■ Exercise instructions: Copy, exactly as written, the lines that begin at the one containing "表のOCRテキスト: 種類 事業年度末現在" and end at the one containing "Text: સ્વસ્થ-શુદ્ધ". Skip any pictures in the data below.

■ Task material:
┏━━

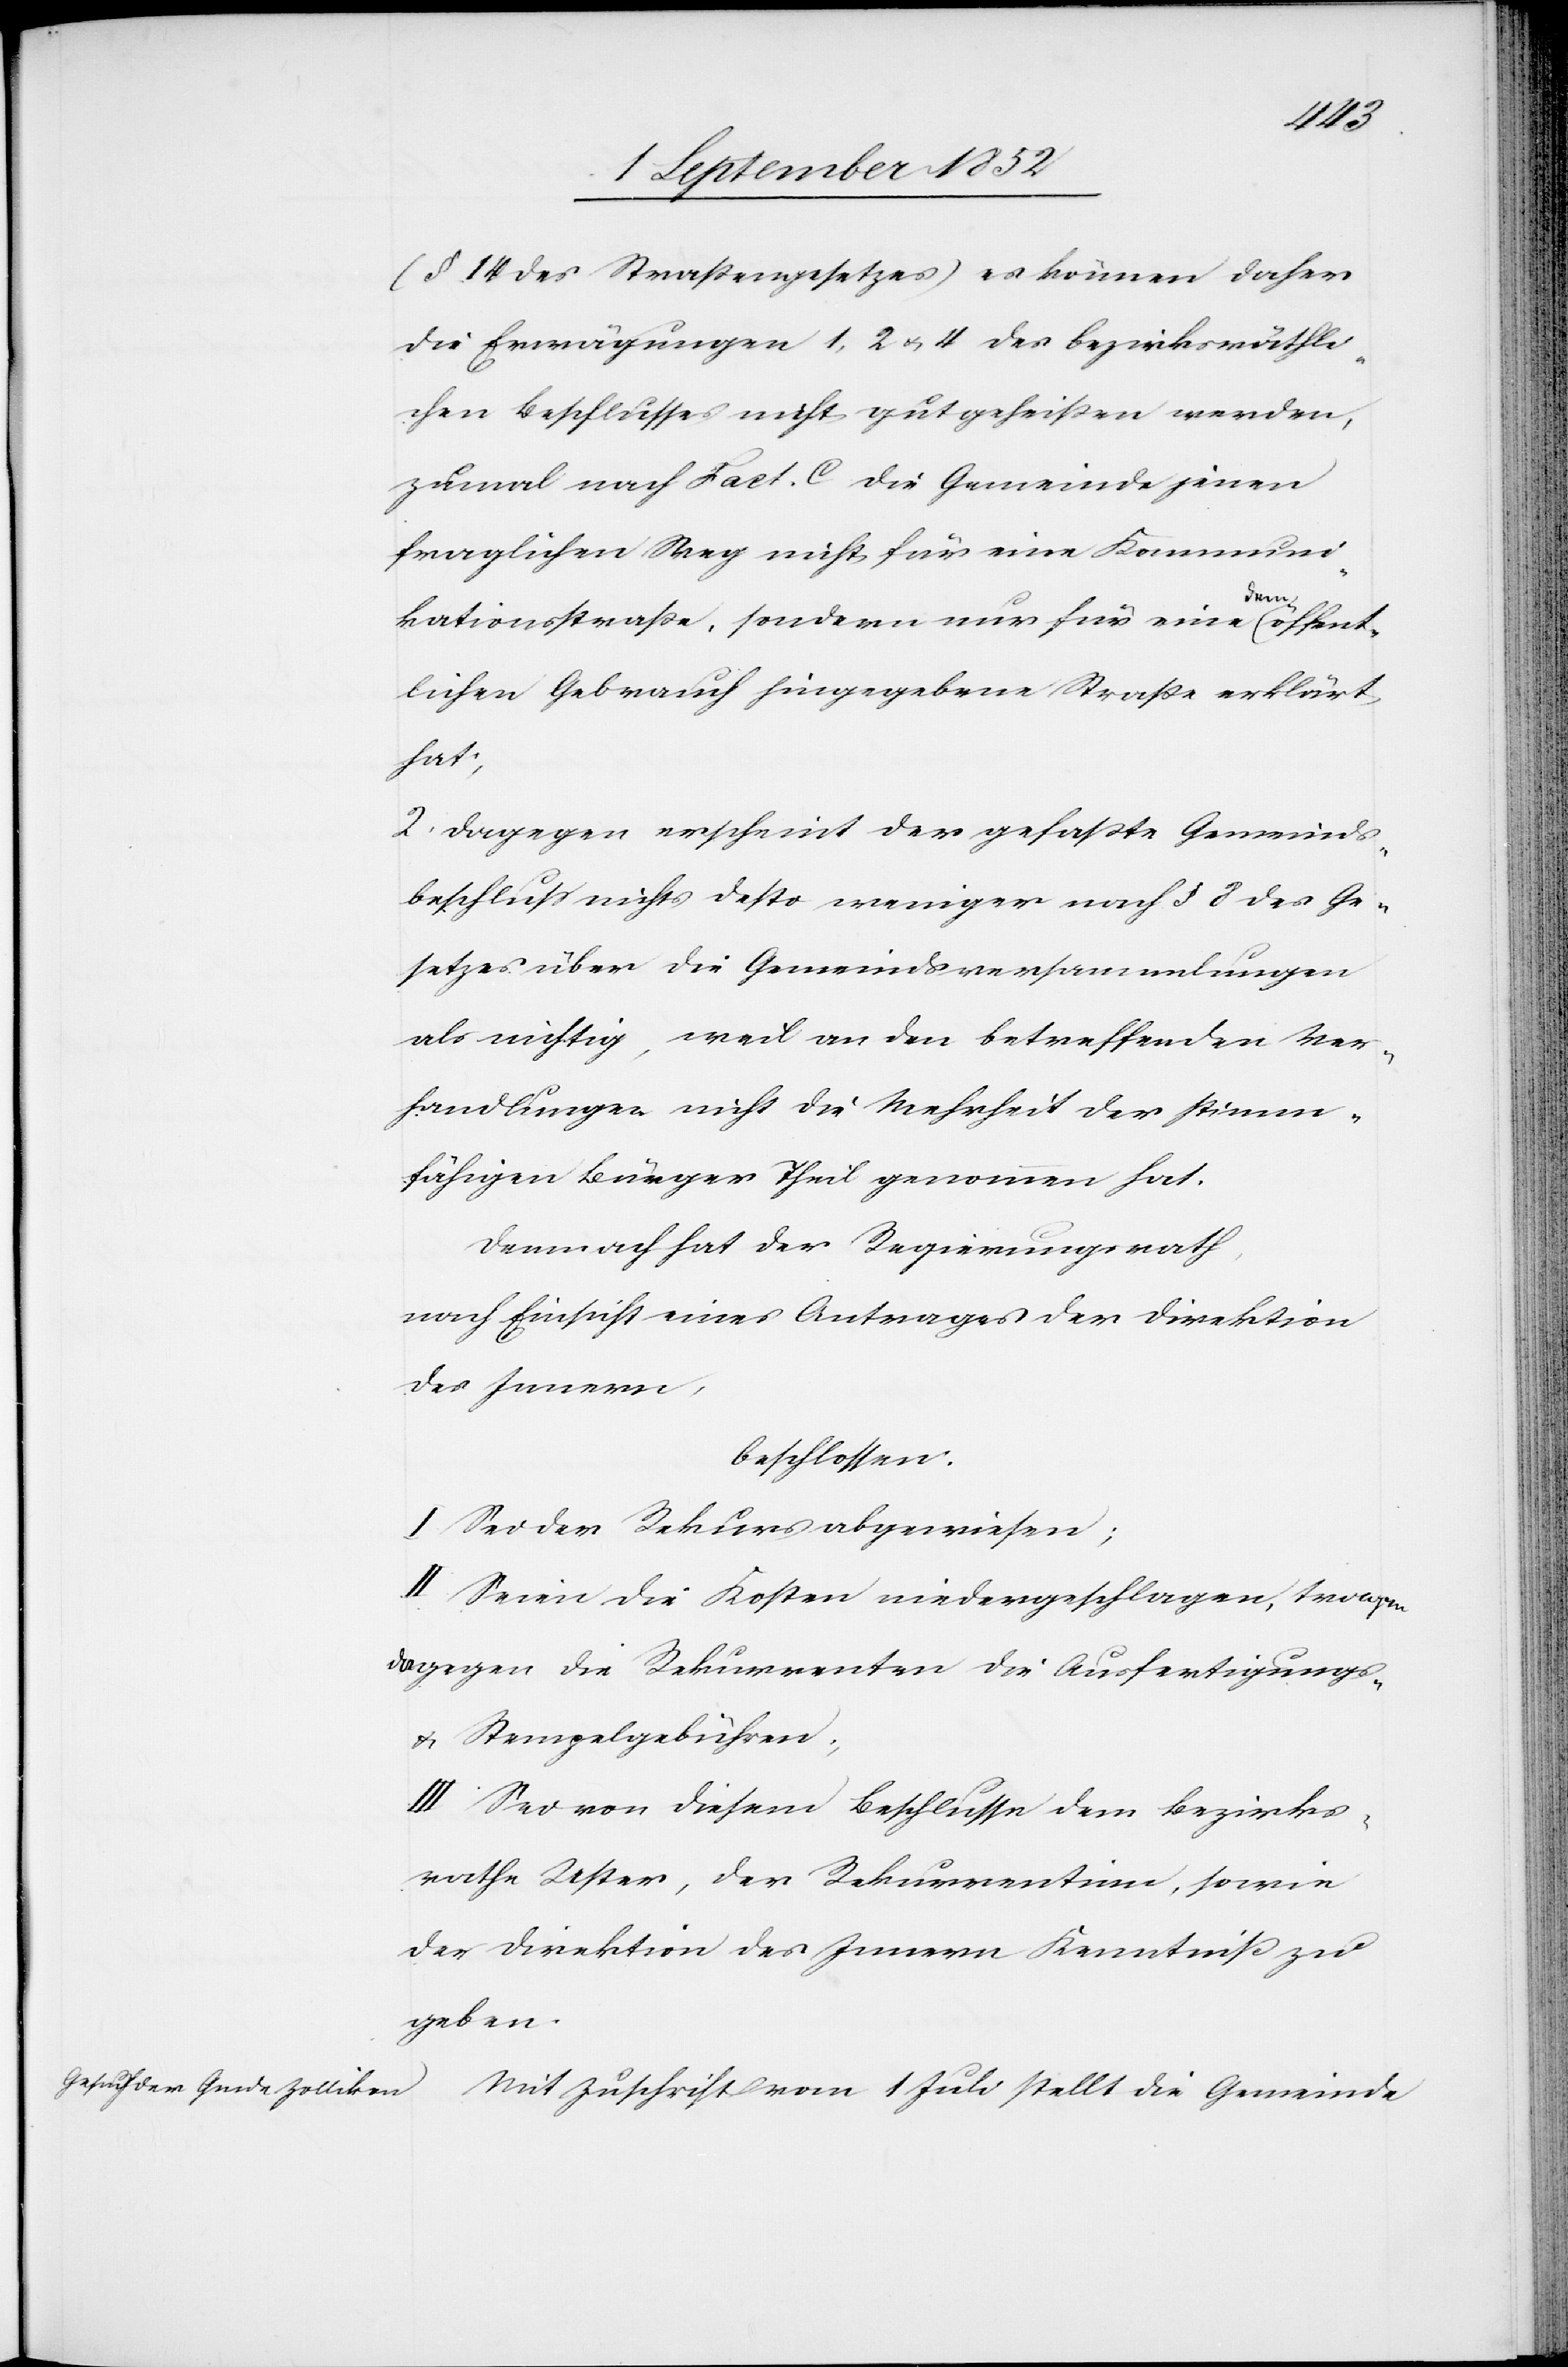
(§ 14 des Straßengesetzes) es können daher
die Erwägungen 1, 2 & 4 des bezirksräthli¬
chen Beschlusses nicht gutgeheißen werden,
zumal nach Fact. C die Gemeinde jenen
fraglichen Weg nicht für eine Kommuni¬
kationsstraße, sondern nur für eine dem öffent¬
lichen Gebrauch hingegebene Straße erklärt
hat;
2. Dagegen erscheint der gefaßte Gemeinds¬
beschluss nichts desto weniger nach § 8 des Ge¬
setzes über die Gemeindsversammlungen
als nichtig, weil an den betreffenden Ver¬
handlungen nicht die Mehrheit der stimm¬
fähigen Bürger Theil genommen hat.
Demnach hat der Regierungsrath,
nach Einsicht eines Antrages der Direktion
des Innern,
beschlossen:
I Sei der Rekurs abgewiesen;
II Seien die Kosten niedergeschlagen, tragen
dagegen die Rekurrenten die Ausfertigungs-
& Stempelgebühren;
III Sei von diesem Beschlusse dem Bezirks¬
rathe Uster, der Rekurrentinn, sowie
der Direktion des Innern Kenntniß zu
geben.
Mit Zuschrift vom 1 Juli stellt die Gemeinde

┗━━
┏━━

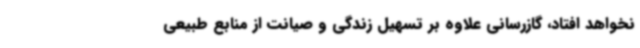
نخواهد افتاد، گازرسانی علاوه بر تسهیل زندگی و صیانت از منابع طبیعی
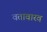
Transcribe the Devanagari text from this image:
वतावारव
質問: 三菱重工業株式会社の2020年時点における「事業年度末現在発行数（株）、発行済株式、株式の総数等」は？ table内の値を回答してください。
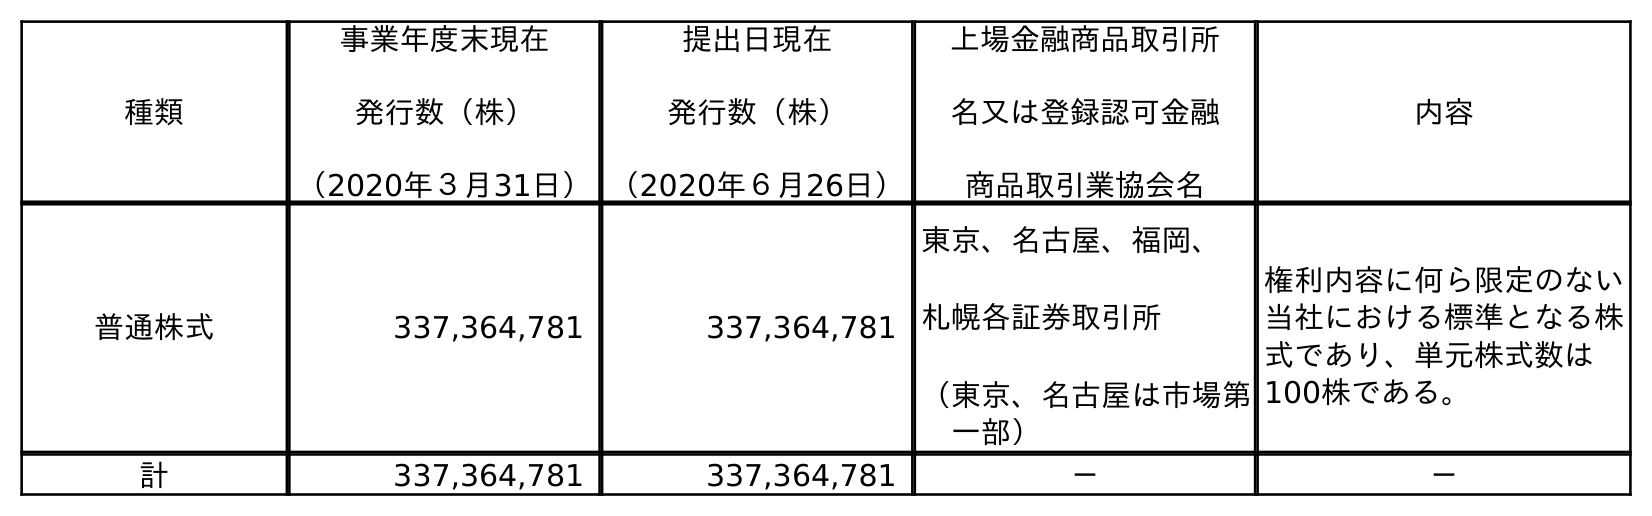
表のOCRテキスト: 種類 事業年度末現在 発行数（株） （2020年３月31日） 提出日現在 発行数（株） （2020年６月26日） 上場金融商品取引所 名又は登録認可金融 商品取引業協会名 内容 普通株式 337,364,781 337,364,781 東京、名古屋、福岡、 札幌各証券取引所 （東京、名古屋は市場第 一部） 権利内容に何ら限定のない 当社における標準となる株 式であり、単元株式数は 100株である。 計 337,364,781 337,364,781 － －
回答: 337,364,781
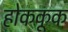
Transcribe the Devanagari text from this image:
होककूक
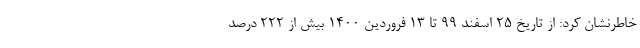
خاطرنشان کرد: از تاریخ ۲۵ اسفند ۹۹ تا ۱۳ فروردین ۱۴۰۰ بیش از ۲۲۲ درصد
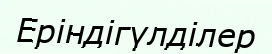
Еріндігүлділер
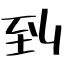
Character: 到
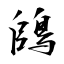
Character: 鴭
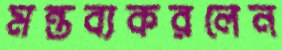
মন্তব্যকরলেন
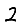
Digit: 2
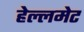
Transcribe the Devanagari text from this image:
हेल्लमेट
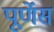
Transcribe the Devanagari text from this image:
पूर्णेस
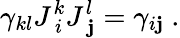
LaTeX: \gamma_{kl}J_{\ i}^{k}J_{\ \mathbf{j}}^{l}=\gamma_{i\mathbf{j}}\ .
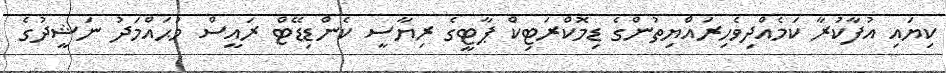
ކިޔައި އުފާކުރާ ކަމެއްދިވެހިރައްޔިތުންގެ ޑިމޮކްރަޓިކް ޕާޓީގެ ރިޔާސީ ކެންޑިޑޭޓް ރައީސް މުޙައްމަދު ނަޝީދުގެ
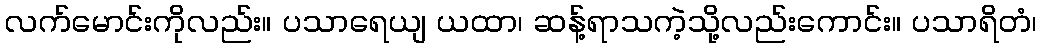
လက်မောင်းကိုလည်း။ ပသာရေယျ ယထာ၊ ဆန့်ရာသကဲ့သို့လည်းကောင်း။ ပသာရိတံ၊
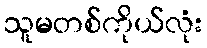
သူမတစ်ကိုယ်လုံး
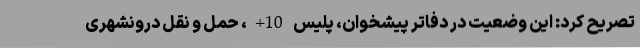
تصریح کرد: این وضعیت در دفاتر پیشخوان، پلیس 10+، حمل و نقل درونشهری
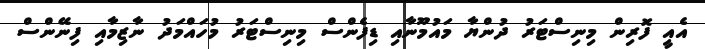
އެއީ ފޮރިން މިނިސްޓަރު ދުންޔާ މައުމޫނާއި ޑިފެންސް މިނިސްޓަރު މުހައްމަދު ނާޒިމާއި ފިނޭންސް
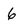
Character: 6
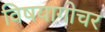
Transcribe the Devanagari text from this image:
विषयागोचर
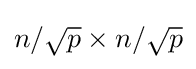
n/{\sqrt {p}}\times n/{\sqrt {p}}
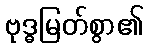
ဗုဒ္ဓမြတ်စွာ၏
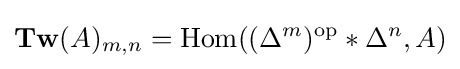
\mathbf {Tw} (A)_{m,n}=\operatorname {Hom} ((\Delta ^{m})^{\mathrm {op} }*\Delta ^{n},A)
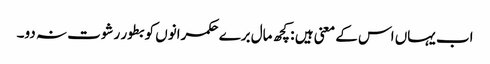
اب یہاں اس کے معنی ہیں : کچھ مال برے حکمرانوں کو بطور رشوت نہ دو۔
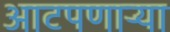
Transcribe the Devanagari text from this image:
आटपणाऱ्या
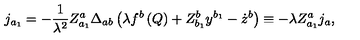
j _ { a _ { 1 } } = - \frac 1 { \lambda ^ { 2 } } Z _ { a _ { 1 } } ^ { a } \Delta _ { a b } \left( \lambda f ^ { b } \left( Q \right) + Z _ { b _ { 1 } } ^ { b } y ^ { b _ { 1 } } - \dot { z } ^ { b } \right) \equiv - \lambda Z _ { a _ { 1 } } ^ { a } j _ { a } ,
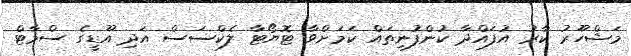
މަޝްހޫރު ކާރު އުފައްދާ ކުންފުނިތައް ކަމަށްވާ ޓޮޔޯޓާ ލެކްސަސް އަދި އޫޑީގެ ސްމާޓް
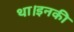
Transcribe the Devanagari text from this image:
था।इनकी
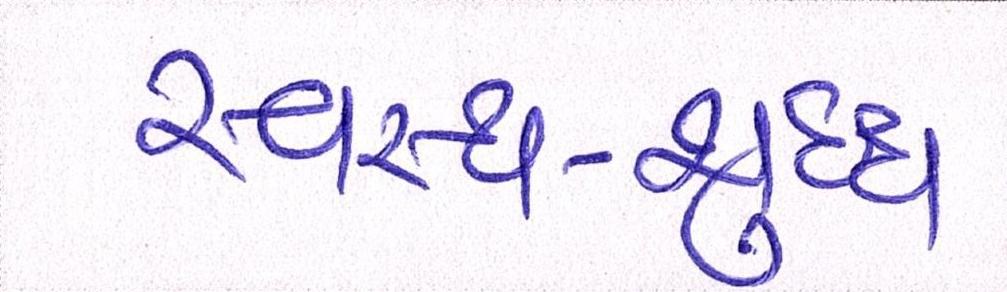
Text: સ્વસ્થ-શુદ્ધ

┗━━
┏━━

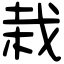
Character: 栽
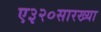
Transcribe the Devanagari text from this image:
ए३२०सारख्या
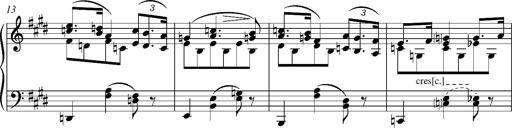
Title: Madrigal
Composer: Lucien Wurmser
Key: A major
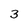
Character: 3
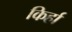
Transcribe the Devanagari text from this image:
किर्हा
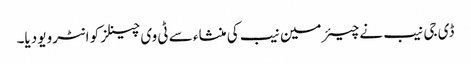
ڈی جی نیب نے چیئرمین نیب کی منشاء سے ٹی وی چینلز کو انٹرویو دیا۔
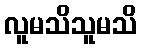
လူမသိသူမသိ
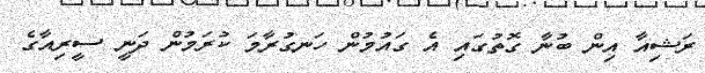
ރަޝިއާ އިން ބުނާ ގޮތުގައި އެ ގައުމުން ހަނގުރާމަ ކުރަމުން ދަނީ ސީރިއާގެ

┗━━

■ Result:
表のOCRテキスト: 種類 事業年度末現在 発行数（株） （2020年３月31日） 提出日現在 発行数（株） （2020年６月26日） 上場金融商品取引所 名又は登録認可金融 商品取引業協会名 内容 普通株式 337,364,781 337,364,781 東京、名古屋、福岡、 札幌各証券取引所 （東京、名古屋は市場第 一部） 権利内容に何ら限定のない 当社における標準となる株 式であり、単元株式数は 100株である。 計 337,364,781 337,364,781 － －
回答: 337,364,781
Transcribe the Devanagari text from this image:
होककूक
خاطرنشان کرد: از تاریخ ۲۵ اسفند ۹۹ تا ۱۳ فروردین ۱۴۰۰ بیش از ۲۲۲ درصد
Еріндігүлділер
Character: 到
Character: 鴭
মন্তব্যকরলেন
Digit: 2
Transcribe the Devanagari text from this image:
हेल्लमेट
Transcribe the Devanagari text from this image:
पूर्णेस
LaTeX: \gamma_{kl}J_{\ i}^{k}J_{\ \mathbf{j}}^{l}=\gamma_{i\mathbf{j}}\ .
ކިޔައި އުފާކުރާ ކަމެއްދިވެހިރައްޔިތުންގެ ޑިމޮކްރަޓިކް ޕާޓީގެ ރިޔާސީ ކެންޑިޑޭޓް ރައީސް މުޙައްމަދު ނަޝީދުގެ
လက်မောင်းကိုလည်း။ ပသာရေယျ ယထာ၊ ဆန့်ရာသကဲ့သို့လည်းကောင်း။ ပသာရိတံ၊
သူမတစ်ကိုယ်လုံး
تصریح کرد: این وضعیت در دفاتر پیشخوان، پلیس 10+، حمل و نقل درونشهری
އެއީ ފޮރިން މިނިސްޓަރު ދުންޔާ މައުމޫނާއި ޑިފެންސް މިނިސްޓަރު މުހައްމަދު ނާޒިމާއި ފިނޭންސް
Character: 6
Transcribe the Devanagari text from this image:
विषयागोचर
n/{\sqrt {p}}\times n/{\sqrt {p}}
ဗုဒ္ဓမြတ်စွာ၏
\mathbf {Tw} (A)_{m,n}=\operatorname {Hom} ((\Delta ^{m})^{\mathrm {op} }*\Delta ^{n},A)
اب یہاں اس کے معنی ہیں : کچھ مال برے حکمرانوں کو بطور رشوت نہ دو۔
Transcribe the Devanagari text from this image:
आटपणाऱ्या
j _ { a _ { 1 } } = - \frac 1 { \lambda ^ { 2 } } Z _ { a _ { 1 } } ^ { a } \Delta _ { a b } \left( \lambda f ^ { b } \left( Q \right) + Z _ { b _ { 1 } } ^ { b } y ^ { b _ { 1 } } - \dot { z } ^ { b } \right) \equiv - \lambda Z _ { a _ { 1 } } ^ { a } j _ { a } ,
މަޝްހޫރު ކާރު އުފައްދާ ކުންފުނިތައް ކަމަށްވާ ޓޮޔޯޓާ ލެކްސަސް އަދި އޫޑީގެ ސްމާޓް
Transcribe the Devanagari text from this image:
था।इनकी
Text: સ્વસ્થ-શુદ્ધ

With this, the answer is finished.